The main characteristics are:
| Feature | ECMWF Open Data |
|---|---|
| Data type | Operational forecasts |
| Forecast frequency | 00 UTC and 12 UTC |
| Forecast horizon | Up to 10 days (higher frequency initially, then longer intervals) |
| Spatial resolution | Approximately 0.25° (~28 km) |
| Variables | Temperature, precipitation, wind, pressure, humidity, radiation, etc. |
| Format | GRIB2 |
| Access | HTTP and AWS S3 |
In [1]:
#!pip install ecmwf-opendata #https://pypi.org/project/ecmwf-opendata/
In [2]:
import xarray as xr
import numpy as np
import pandas as pd
import os
from ecmwf.opendata import Client
import matplotlib.pyplot as plt
import cartopy.crs as ccrs
import cartopy.feature as cfeature
import ilwis
import warnings
warnings.filterwarnings("ignore")
In [3]:
#downloaded data and newly created animations in same folder as notebook, change accordingly!
work_dir = os.getcwd()
In [4]:
#set the working directory for ILWISPy
ilwis.setWorkingCatalog(work_dir)
print(work_dir)
d:\jupyter\notebook_scripts\Special\ECMWF_OpenData
In [5]:
#Link to the client - source is either the name of server to contact or a fully qualified URL.
#Possible values are ecmwf to access ECMWF's servers, aws for data hosted by Amazon Web Services,
#or azure to access data hosted on Microsoft's Azure. Default is ecmwf.
#Known sources are ['ecmwf', 'azure', 'aws', 'ecmwf-esuites']

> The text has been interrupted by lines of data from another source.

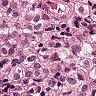
Metastatic tissue present: yes
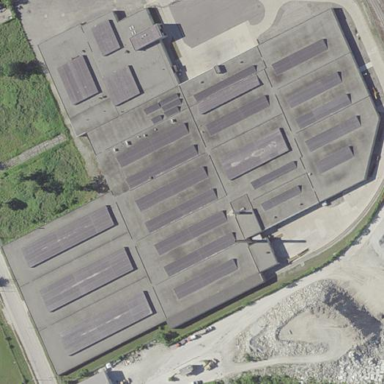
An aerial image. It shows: Industrial building.
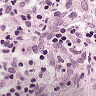
Metastatic tissue present: no
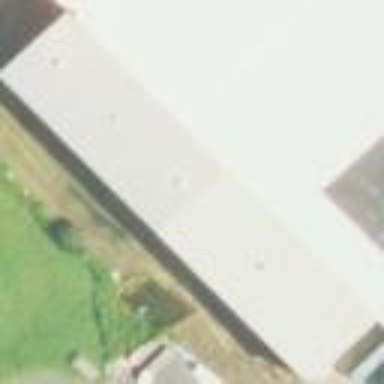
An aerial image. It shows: Part of building.

#client = Client(source="aws", model="ifs", resol="0p25") #0.25 degree
client = Client(source="ecmwf", model="ifs", resol="0p25") #0.25 degree
In [6]:
#retrieve the 10 day forecast, 6 hourly interval
steps = list(range(0, 240, 6))
print(steps)
[0, 6, 12, 18, 24, 30, 36, 42, 48, 54, 60, 66, 72, 78, 84, 90, 96, 102, 108, 114, 120, 126, 132, 138, 144, 150, 156, 162, 168, 174, 180, 186, 192, 198, 204, 210, 216, 222, 228, 234]
In [7]:
# uncomment lines below to retrieve latest forecast - all parameters at once
# client.retrieve(
# param=["tp", "msl", "10u", "10v", "2t", "ro"],
# step=steps,
# type="fc",
# target="latest_fc_ECMWF.grib2"
# )
In [8]:
target="latest_fc_ECMWF.grib2"
print(str(target))
latest_fc_ECMWF.grib2
In [9]:
t2m = xr.open_dataset(target, engine="cfgrib", filter_by_keys={"shortName": "2t"}) # K
msl = xr.open_dataset(target, engine="cfgrib", filter_by_keys={"shortName": "msl"}) # Pa
tp = xr.open_dataset(target, engine="cfgrib", filter_by_keys={"shortName": "tp"}) # accumulated precipitation
ro = xr.open_dataset(target, engine="cfgrib", filter_by_keys={"shortName": "ro"}) # accumulated runoff
u10 = xr.open_dataset(target, engine="cfgrib", filter_by_keys={"shortName": "10u"}) # m/s
v10 = xr.open_dataset(target, engine="cfgrib", filter_by_keys={"shortName": "10v"}) # m/s
In [10]:
#data check of selected parameter
print(t2m)
<xarray.Dataset> Size: 166MB
Dimensions: (step: 40, latitude: 721, longitude: 1440)
Coordinates:
time datetime64[ns] 8B ...
* step (step) timedelta64[ns] 320B 0 days 00:00:00 ... 9 days...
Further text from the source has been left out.